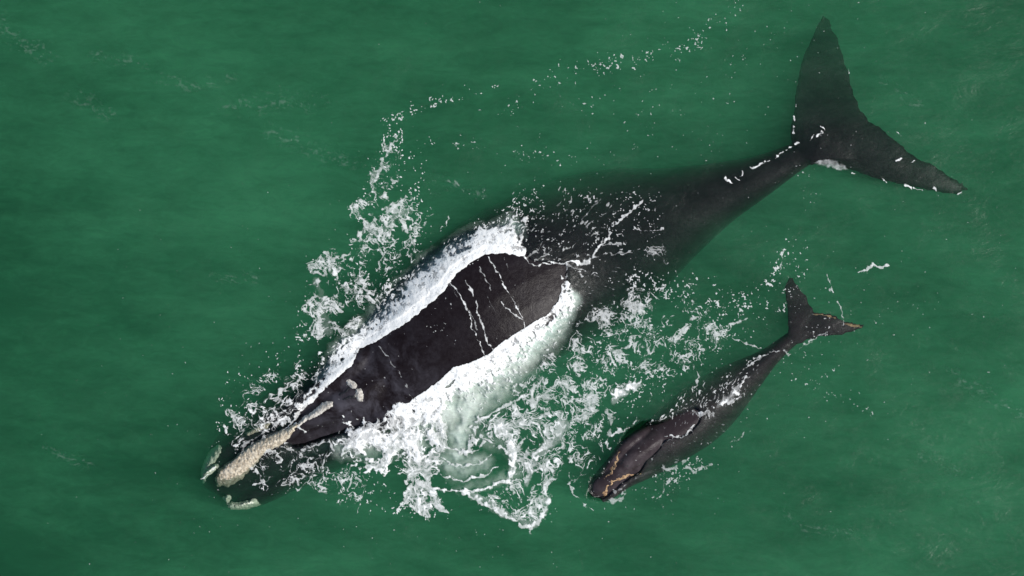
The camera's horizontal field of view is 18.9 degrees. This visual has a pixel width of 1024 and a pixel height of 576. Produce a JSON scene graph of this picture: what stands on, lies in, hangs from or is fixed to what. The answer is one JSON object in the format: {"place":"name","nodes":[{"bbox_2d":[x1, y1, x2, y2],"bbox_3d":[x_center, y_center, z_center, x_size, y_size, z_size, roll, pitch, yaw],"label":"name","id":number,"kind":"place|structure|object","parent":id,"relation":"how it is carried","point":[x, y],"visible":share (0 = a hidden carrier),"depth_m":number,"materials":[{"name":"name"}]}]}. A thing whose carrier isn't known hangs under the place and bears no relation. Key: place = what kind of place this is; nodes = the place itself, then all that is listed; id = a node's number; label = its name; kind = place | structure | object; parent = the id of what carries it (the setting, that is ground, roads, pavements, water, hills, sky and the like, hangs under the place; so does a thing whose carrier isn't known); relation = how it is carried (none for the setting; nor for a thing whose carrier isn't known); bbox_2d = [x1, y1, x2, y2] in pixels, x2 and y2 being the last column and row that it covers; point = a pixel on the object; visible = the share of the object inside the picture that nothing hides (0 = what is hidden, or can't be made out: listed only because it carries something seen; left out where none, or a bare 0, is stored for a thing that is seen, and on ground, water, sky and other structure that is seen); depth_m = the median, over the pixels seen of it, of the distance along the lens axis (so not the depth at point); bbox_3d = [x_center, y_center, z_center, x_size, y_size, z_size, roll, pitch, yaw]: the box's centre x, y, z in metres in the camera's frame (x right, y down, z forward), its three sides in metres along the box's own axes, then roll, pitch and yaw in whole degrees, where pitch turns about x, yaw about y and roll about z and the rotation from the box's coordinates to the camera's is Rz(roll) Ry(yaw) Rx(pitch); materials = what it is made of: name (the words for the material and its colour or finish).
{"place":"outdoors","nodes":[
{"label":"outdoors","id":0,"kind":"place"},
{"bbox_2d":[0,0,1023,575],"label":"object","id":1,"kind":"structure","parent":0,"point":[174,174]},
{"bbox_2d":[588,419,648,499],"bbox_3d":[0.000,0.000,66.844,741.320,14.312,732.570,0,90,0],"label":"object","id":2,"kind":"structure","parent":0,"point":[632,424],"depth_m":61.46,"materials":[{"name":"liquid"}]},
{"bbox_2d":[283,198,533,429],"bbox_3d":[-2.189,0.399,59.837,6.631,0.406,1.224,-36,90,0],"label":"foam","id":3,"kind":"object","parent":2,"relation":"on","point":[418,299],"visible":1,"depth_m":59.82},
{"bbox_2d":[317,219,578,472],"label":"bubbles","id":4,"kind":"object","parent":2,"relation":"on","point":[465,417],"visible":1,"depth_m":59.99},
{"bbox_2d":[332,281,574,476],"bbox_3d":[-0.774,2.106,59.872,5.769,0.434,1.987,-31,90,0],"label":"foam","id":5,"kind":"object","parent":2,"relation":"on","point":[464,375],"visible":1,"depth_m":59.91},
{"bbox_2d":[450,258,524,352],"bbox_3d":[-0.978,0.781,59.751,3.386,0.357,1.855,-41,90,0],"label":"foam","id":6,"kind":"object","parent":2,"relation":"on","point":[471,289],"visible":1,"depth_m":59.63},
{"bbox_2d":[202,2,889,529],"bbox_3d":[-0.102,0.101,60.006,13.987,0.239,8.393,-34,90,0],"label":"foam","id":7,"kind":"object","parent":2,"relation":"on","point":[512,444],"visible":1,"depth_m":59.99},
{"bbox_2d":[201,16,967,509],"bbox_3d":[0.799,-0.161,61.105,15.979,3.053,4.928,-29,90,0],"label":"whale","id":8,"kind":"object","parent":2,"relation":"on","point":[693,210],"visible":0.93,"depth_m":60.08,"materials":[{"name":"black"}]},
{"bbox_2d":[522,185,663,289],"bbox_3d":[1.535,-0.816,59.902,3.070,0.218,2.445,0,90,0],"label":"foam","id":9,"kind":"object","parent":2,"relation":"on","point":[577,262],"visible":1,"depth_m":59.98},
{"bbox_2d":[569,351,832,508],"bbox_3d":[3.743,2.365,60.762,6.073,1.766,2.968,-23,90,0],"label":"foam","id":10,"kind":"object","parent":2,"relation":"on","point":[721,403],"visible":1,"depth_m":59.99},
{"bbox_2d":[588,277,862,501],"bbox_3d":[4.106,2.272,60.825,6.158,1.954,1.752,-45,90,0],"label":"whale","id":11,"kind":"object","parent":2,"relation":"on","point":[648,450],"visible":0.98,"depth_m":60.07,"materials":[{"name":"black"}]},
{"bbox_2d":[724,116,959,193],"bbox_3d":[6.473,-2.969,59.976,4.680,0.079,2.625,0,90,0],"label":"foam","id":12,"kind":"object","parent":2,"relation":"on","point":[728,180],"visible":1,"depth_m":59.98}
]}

━━━━━━━━━━

Activity
The pictures stay out; please reproduce everything else in the entries exactly.

Completed task
The camera's horizontal field of view is 18.9 degrees. This visual has a pixel width of 1024 and a pixel height of 576. Produce a JSON scene graph of this picture: what stands on, lies in, hangs from or is fixed to what. The answer is one JSON object in the format: {"place":"name","nodes":[{"bbox_2d":[x1, y1, x2, y2],"bbox_3d":[x_center, y_center, z_center, x_size, y_size, z_size, roll, pitch, yaw],"label":"name","id":number,"kind":"place|structure|object","parent":id,"relation":"how it is carried","point":[x, y],"visible":share (0 = a hidden carrier),"depth_m":number,"materials":[{"name":"name"}]}]}. A thing whose carrier isn't known hangs under the place and bears no relation. Key: place = what kind of place this is; nodes = the place itself, then all that is listed; id = a node's number; label = its name; kind = place | structure | object; parent = the id of what carries it (the setting, that is ground, roads, pavements, water, hills, sky and the like, hangs under the place; so does a thing whose carrier isn't known); relation = how it is carried (none for the setting; nor for a thing whose carrier isn't known); bbox_2d = [x1, y1, x2, y2] in pixels, x2 and y2 being the last column and row that it covers; point = a pixel on the object; visible = the share of the object inside the picture that nothing hides (0 = what is hidden, or can't be made out: listed only because it carries something seen; left out where none, or a bare 0, is stored for a thing that is seen, and on ground, water, sky and other structure that is seen); depth_m = the median, over the pixels seen of it, of the distance along the lens axis (so not the depth at point); bbox_3d = [x_center, y_center, z_center, x_size, y_size, z_size, roll, pitch, yaw]: the box's centre x, y, z in metres in the camera's frame (x right, y down, z forward), its three sides in metres along the box's own axes, then roll, pitch and yaw in whole degrees, where pitch turns about x, yaw about y and roll about z and the rotation from the box's coordinates to the camera's is Rz(roll) Ry(yaw) Rx(pitch); materials = what it is made of: name (the words for the material and its colour or finish).
{"place":"outdoors","nodes":[
{"label":"outdoors","id":0,"kind":"place"},
{"bbox_2d":[0,0,1023,575],"label":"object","id":1,"kind":"structure","parent":0,"point":[174,174]},
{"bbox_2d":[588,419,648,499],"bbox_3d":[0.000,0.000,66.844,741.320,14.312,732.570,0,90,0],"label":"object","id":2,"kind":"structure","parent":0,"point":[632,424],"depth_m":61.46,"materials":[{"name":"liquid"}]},
{"bbox_2d":[283,198,533,429],"bbox_3d":[-2.189,0.399,59.837,6.631,0.406,1.224,-36,90,0],"label":"foam","id":3,"kind":"object","parent":2,"relation":"on","point":[418,299],"visible":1,"depth_m":59.82},
{"bbox_2d":[317,219,578,472],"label":"bubbles","id":4,"kind":"object","parent":2,"relation":"on","point":[465,417],"visible":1,"depth_m":59.99},
{"bbox_2d":[332,281,574,476],"bbox_3d":[-0.774,2.106,59.872,5.769,0.434,1.987,-31,90,0],"label":"foam","id":5,"kind":"object","parent":2,"relation":"on","point":[464,375],"visible":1,"depth_m":59.91},
{"bbox_2d":[450,258,524,352],"bbox_3d":[-0.978,0.781,59.751,3.386,0.357,1.855,-41,90,0],"label":"foam","id":6,"kind":"object","parent":2,"relation":"on","point":[471,289],"visible":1,"depth_m":59.63},
{"bbox_2d":[202,2,889,529],"bbox_3d":[-0.102,0.101,60.006,13.987,0.239,8.393,-34,90,0],"label":"foam","id":7,"kind":"object","parent":2,"relation":"on","point":[512,444],"visible":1,"depth_m":59.99},
{"bbox_2d":[201,16,967,509],"bbox_3d":[0.799,-0.161,61.105,15.979,3.053,4.928,-29,90,0],"label":"whale","id":8,"kind":"object","parent":2,"relation":"on","point":[693,210],"visible":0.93,"depth_m":60.08,"materials":[{"name":"black"}]},
{"bbox_2d":[522,185,663,289],"bbox_3d":[1.535,-0.816,59.902,3.070,0.218,2.445,0,90,0],"label":"foam","id":9,"kind":"object","parent":2,"relation":"on","point":[577,262],"visible":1,"depth_m":59.98},
{"bbox_2d":[569,351,832,508],"bbox_3d":[3.743,2.365,60.762,6.073,1.766,2.968,-23,90,0],"label":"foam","id":10,"kind":"object","parent":2,"relation":"on","point":[721,403],"visible":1,"depth_m":59.99},
{"bbox_2d":[588,277,862,501],"bbox_3d":[4.106,2.272,60.825,6.158,1.954,1.752,-45,90,0],"label":"whale","id":11,"kind":"object","parent":2,"relation":"on","point":[648,450],"visible":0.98,"depth_m":60.07,"materials":[{"name":"black"}]},
{"bbox_2d":[724,116,959,193],"bbox_3d":[6.473,-2.969,59.976,4.680,0.079,2.625,0,90,0],"label":"foam","id":12,"kind":"object","parent":2,"relation":"on","point":[728,180],"visible":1,"depth_m":59.98}
]}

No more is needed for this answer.